WORK TO COMPLETE :: Which lines in the records below contain the word "points"? Copy each one out.

INFORMATION ::
:::::

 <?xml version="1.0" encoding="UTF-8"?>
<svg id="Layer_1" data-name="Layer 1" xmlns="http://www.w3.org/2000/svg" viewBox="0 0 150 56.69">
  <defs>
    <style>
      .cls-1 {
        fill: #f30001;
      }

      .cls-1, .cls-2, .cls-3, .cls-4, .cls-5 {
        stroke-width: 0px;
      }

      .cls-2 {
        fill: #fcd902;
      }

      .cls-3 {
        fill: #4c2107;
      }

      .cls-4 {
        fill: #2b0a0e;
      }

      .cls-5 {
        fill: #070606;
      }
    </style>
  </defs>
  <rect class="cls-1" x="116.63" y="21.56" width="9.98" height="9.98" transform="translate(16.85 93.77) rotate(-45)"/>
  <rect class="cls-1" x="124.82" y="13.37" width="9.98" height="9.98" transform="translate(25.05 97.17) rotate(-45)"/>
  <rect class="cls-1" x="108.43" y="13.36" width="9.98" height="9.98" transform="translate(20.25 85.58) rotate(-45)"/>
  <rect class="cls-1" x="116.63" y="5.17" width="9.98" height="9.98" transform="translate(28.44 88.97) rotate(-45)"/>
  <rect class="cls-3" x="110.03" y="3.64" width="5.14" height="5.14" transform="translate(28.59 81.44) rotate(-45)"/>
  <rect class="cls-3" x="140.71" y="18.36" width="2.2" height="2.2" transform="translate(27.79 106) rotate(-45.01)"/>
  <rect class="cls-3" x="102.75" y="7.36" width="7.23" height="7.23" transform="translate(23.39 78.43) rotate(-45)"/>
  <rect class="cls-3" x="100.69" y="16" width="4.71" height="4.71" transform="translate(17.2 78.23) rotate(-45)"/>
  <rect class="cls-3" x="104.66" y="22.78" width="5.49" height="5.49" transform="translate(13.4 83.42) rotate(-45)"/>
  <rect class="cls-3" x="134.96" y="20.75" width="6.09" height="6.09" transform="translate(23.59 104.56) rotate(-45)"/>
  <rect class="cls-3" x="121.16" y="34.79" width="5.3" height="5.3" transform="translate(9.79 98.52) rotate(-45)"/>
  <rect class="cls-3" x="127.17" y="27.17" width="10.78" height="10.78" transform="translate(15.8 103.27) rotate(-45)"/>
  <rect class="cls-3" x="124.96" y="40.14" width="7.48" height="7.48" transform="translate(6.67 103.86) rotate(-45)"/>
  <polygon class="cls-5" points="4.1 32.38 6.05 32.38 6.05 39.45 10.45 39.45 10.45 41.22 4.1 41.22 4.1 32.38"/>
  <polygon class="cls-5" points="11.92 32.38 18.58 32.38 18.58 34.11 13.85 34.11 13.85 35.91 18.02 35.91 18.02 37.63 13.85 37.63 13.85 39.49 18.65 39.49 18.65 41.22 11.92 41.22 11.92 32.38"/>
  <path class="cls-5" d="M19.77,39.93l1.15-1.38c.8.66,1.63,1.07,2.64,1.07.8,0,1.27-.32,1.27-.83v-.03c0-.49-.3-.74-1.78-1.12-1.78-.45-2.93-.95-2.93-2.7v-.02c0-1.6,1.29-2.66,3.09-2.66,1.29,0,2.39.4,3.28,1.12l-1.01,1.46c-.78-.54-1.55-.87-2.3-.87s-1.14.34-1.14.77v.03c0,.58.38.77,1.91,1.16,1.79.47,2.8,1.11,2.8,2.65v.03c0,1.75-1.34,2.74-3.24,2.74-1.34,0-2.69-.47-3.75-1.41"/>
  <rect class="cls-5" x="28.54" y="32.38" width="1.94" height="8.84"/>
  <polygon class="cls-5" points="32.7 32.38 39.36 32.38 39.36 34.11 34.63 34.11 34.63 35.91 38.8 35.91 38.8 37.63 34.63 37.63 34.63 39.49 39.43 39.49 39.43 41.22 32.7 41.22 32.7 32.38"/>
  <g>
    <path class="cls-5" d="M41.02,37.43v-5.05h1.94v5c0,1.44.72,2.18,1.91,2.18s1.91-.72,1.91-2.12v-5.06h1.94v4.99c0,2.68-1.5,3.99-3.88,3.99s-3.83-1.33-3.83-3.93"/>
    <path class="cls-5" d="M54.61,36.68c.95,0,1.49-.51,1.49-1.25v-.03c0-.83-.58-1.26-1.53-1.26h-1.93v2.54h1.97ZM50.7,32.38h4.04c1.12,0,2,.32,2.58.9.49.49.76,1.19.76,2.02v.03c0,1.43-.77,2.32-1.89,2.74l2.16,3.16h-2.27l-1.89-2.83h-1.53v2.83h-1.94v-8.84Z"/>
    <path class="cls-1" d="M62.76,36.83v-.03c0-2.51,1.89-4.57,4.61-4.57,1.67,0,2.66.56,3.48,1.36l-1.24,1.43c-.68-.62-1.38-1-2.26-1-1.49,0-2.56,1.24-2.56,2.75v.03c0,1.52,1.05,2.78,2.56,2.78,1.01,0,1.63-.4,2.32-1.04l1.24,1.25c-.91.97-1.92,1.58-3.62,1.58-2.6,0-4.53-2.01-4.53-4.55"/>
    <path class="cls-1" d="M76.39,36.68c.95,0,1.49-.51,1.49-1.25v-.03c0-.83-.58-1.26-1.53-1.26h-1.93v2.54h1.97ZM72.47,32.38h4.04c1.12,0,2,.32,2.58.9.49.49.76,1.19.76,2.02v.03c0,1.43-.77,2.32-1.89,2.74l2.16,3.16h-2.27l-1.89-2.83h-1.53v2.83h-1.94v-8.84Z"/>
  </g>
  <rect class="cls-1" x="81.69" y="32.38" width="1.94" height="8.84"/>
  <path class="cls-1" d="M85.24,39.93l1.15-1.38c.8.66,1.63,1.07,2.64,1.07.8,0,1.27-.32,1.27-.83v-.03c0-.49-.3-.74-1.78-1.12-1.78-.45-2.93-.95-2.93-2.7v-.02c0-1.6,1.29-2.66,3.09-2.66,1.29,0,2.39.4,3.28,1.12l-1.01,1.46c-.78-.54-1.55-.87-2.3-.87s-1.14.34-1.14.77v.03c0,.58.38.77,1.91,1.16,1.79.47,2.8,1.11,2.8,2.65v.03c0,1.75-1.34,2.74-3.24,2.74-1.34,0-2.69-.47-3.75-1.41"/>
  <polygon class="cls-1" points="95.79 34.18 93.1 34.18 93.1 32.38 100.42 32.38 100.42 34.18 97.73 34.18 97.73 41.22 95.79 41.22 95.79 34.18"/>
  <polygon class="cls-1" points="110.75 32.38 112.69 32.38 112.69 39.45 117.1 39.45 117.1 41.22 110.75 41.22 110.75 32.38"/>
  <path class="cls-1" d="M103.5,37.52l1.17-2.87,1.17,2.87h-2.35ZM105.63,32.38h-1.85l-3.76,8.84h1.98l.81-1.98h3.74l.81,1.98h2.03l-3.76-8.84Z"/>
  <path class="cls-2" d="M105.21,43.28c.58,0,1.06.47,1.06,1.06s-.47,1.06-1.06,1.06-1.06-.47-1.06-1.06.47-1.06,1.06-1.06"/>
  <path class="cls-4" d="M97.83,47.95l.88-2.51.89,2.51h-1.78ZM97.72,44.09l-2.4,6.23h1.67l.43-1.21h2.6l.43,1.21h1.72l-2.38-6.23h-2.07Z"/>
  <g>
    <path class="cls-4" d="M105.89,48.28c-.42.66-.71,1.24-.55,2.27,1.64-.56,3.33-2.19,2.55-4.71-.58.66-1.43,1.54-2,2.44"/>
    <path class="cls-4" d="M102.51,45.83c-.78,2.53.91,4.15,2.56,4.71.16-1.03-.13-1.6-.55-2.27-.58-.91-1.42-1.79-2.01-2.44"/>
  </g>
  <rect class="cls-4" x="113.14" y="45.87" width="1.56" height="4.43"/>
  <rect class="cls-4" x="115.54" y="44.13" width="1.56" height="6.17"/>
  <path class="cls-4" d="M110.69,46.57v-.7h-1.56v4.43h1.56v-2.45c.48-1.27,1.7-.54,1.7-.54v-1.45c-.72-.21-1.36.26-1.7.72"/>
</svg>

:::::

RESULT OF THE TASK ::
  <polygon class="cls-5" points="4.1 32.38 6.05 32.38 6.05 39.45 10.45 39.45 10.45 41.22 4.1 41.22 4.1 32.38"/>
  <polygon class="cls-5" points="11.92 32.38 18.58 32.38 18.58 34.11 13.85 34.11 13.85 35.91 18.02 35.91 18.02 37.63 13.85 37.63 13.85 39.49 18.65 39.49 18.65 41.22 11.92 41.22 11.92 32.38"/>
  <polygon class="cls-5" points="32.7 32.38 39.36 32.38 39.36 34.11 34.63 34.11 34.63 35.91 38.8 35.91 38.8 37.63 34.63 37.63 34.63 39.49 39.43 39.49 39.43 41.22 32.7 41.22 32.7 32.38"/>
  <polygon class="cls-1" points="95.79 34.18 93.1 34.18 93.1 32.38 100.42 32.38 100.42 34.18 97.73 34.18 97.73 41.22 95.79 41.22 95.79 34.18"/>
  <polygon class="cls-1" points="110.75 32.38 112.69 32.38 112.69 39.45 117.1 39.45 117.1 41.22 110.75 41.22 110.75 32.38"/>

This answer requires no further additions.